Like reading water, reading the sky and what it’s telling you takes practice and time. On many of my extended day trips weather was no issue at all and that’s great. But there were also trips where accurately reading atmospheric indicators influenced decisions that averted unnecessary misery or mishap.
Identifying cloud types, their height above the ground, their formation, dissipation and movement and what they mean, as well as understanding other basic meteorological elements can prove to be quite beneficial for backcountry planning and on-location decision making. We can’t do this all in one blog or even a series but at least we can plant seeds and get interested backcountry adventurers started on the path to becoming better weather observers and forecasters. Here, we will start with precipitation producing clouds, temperature, dew point and pressure and wind. This post is an overview. In the next post (May) I will go more in depth on certain clouds and mountain weather.
Clouds aren’t just clouds. Different cloud types at different levels in the atmosphere mean different things. Rather than reinvent the wheel and describe all cloud types one might see in this I will cherry pick a few significant clouds. To learn more about all cloud types you can check out the National Weather Service’s on-line meteorological tutorials, Jetstream, at: https://www.weather.gov/jetstream/clouds_intro There is some great information here and I would spend some time going through their well written and illustrated tutorials.
Most outdoor folk are most concerned with precipitation and temperature. Will it rain/snow/hail or sleet? How cold will it get?
Significant precipitation falls from low clouds. Low clouds are those whose bases are 6500’ or lower above ground level. Low clouds that produce precipitation are at least 4000’ thick. There are always exceptions of course. In the Southwest, cumulus clouds, the kind that produce rain showers and thunderstorms can have bases as high as 12,000’ above the ground during the dry summer months but they still take on the same characteristics and properties of cumulus clouds that form at much lower elevations elsewhere. Upsloping winds into major mountain ranges (orographic lift) can produce precipitation with cloud depths of only 2,000’ thick.

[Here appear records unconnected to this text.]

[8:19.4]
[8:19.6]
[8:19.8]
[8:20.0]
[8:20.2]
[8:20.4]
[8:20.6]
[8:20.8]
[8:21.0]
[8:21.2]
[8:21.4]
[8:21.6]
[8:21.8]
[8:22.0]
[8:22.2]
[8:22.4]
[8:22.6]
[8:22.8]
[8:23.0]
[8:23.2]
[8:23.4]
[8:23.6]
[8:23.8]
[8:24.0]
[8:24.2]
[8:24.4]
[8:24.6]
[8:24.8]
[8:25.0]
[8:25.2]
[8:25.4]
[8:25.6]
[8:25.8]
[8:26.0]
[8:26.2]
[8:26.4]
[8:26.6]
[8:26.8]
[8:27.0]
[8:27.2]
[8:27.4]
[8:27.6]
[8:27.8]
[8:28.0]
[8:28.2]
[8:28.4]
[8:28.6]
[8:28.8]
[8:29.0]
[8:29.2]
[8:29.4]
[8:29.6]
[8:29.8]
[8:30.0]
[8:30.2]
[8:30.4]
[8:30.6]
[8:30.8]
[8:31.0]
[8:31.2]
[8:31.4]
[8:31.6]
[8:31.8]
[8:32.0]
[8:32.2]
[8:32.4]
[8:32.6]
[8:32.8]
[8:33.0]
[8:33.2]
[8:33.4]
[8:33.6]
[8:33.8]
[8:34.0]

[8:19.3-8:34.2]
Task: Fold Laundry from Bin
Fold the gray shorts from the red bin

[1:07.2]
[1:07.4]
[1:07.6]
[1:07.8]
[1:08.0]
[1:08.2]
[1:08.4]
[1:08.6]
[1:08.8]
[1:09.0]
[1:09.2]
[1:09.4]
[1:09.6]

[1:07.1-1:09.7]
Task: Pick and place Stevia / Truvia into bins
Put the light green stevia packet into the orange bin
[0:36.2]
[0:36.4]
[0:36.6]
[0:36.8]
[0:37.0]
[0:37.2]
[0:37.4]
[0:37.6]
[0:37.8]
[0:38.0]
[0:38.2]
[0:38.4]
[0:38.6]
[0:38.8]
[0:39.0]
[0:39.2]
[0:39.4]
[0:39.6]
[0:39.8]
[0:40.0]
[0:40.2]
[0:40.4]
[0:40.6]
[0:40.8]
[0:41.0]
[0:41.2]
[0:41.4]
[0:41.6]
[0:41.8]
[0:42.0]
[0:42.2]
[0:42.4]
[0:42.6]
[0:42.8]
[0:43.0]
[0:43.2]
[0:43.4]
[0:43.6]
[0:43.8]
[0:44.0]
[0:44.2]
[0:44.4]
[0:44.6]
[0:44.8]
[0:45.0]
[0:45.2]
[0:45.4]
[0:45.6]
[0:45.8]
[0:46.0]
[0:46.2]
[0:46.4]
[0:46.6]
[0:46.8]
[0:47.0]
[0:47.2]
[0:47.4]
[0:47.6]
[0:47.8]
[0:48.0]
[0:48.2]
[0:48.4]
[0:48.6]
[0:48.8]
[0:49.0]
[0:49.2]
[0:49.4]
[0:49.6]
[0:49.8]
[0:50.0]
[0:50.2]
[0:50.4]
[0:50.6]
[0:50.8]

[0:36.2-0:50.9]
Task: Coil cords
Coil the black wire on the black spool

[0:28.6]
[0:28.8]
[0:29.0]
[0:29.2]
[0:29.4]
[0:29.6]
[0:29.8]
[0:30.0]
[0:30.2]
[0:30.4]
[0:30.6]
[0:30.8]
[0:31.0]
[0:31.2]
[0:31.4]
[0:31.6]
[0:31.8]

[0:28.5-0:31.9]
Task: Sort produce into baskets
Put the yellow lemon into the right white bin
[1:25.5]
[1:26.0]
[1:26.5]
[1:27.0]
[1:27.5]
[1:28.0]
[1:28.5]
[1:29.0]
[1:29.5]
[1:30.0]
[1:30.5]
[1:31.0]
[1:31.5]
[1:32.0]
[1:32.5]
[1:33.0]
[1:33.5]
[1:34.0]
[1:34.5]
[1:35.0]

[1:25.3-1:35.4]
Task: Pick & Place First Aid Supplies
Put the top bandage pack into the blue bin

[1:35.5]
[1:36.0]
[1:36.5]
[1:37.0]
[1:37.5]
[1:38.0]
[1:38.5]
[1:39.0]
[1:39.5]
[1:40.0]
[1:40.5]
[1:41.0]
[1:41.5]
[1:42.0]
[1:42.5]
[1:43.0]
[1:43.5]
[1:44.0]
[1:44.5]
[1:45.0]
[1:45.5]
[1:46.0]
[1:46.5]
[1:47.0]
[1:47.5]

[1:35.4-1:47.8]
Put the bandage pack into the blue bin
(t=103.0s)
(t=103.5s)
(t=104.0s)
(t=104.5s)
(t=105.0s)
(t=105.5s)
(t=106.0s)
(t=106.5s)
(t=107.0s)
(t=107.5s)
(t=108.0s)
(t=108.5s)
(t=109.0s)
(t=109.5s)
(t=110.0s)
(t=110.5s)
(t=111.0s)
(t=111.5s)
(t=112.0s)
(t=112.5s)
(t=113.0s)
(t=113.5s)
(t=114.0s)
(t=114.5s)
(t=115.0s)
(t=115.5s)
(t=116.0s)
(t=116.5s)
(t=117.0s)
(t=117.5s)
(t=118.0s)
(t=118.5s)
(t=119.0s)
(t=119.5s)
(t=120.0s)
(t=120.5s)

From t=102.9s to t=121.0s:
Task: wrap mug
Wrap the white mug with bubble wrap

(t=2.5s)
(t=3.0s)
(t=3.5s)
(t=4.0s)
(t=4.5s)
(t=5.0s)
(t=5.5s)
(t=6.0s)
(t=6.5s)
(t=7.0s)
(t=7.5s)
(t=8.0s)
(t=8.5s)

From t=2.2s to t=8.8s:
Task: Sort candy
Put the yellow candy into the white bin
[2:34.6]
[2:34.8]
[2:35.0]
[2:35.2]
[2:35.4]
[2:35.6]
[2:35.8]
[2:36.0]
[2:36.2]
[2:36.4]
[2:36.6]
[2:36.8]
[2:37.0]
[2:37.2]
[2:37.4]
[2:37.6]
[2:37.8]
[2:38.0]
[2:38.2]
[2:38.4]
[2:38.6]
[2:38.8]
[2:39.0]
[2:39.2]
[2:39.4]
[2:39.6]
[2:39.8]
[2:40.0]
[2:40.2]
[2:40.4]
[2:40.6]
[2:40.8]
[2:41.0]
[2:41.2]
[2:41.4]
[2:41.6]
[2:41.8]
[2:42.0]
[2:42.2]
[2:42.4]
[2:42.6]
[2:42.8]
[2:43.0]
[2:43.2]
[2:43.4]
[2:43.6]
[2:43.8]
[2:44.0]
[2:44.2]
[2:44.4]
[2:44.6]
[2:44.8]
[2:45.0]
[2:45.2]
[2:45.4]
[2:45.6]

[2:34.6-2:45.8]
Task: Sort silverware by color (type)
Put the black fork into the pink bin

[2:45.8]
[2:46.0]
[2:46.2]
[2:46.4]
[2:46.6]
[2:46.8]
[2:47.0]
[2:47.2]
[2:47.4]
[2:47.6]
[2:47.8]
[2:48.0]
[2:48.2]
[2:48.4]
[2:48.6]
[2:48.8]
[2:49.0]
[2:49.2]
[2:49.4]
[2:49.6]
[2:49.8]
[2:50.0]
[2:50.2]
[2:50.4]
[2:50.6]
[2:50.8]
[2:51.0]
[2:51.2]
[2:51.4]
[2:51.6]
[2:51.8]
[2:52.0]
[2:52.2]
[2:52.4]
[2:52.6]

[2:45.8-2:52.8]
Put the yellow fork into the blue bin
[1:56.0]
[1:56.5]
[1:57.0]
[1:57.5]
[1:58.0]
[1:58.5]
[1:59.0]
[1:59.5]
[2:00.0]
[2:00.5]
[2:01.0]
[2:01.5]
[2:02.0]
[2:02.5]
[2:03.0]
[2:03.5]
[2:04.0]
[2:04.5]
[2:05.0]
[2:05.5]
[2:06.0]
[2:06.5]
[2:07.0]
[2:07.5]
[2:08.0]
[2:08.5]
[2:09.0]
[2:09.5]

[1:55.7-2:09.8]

There are cool middle and high clouds worth talking about as well. More on those in a later post.
The first cloud type discussed here are cumuliform clouds or convective clouds. The cumulus cloud in various stages of development is the most common cloud across much of the CONUS especially in the summer months and all of us have seen these many times. They form from moist columns of air at the surface are heated by the sun, or mechanically lifted by a front, disturbance or terrain that rise until they cool and condense into a cumulus cloud base. In an unstable atmosphere these clouds can grow to great heights sometimes 50,000 to 60,000 feet high. Cumulus clouds are cellular and resemble popcorn or cauliflower that is easily recognizable at a distance or when they are widely scattered. When they are on top of you or packed close it may be a little harder to recognize what stage of development they are in.
Cumulus that reach a mature stage are called cumulonimbus. Mature cumulonimbus clouds often have anvil shaped heads that are composed of high cirrus clouds. The more vertical depth cumulonimbus have the more capable they are at producing severe weather.
Cumulonimbus clouds are the ONLY clouds that produce severe weather defined as thunder and lighting, hail, damaging microbursts and tornadic activity which includes funnel clouds (tornados that don’t reach the ground) and waterspouts (tornados over bodies of water). They represent the most potentially dangerous cloud in the backcountry everywhere. Not all cumulonimbus clouds produce severe weather but all are capable of lightning. Additionally, heavy rain showers and snow showers can fall from cumulus clouds that never reach the cumulonimbus stage.
Precipitation from cumulus clouds can be heavy, start and stop abruptly and or have a sharply defined delineation of where precipitation is falling or not. In the summer time when cumulus activity is common across much of the US, they form when the temperature inversion is erased by daily heating and lift begins. In mountain regions especially when valley inversions break one can see clear skies to mature cumulonimbus in less than an hour. (In the following blog post, I will talk about the difference between airmass thunderstorms and frontal thunderstorms and address the model biases concerning thunderstorms also referred to convective activity.)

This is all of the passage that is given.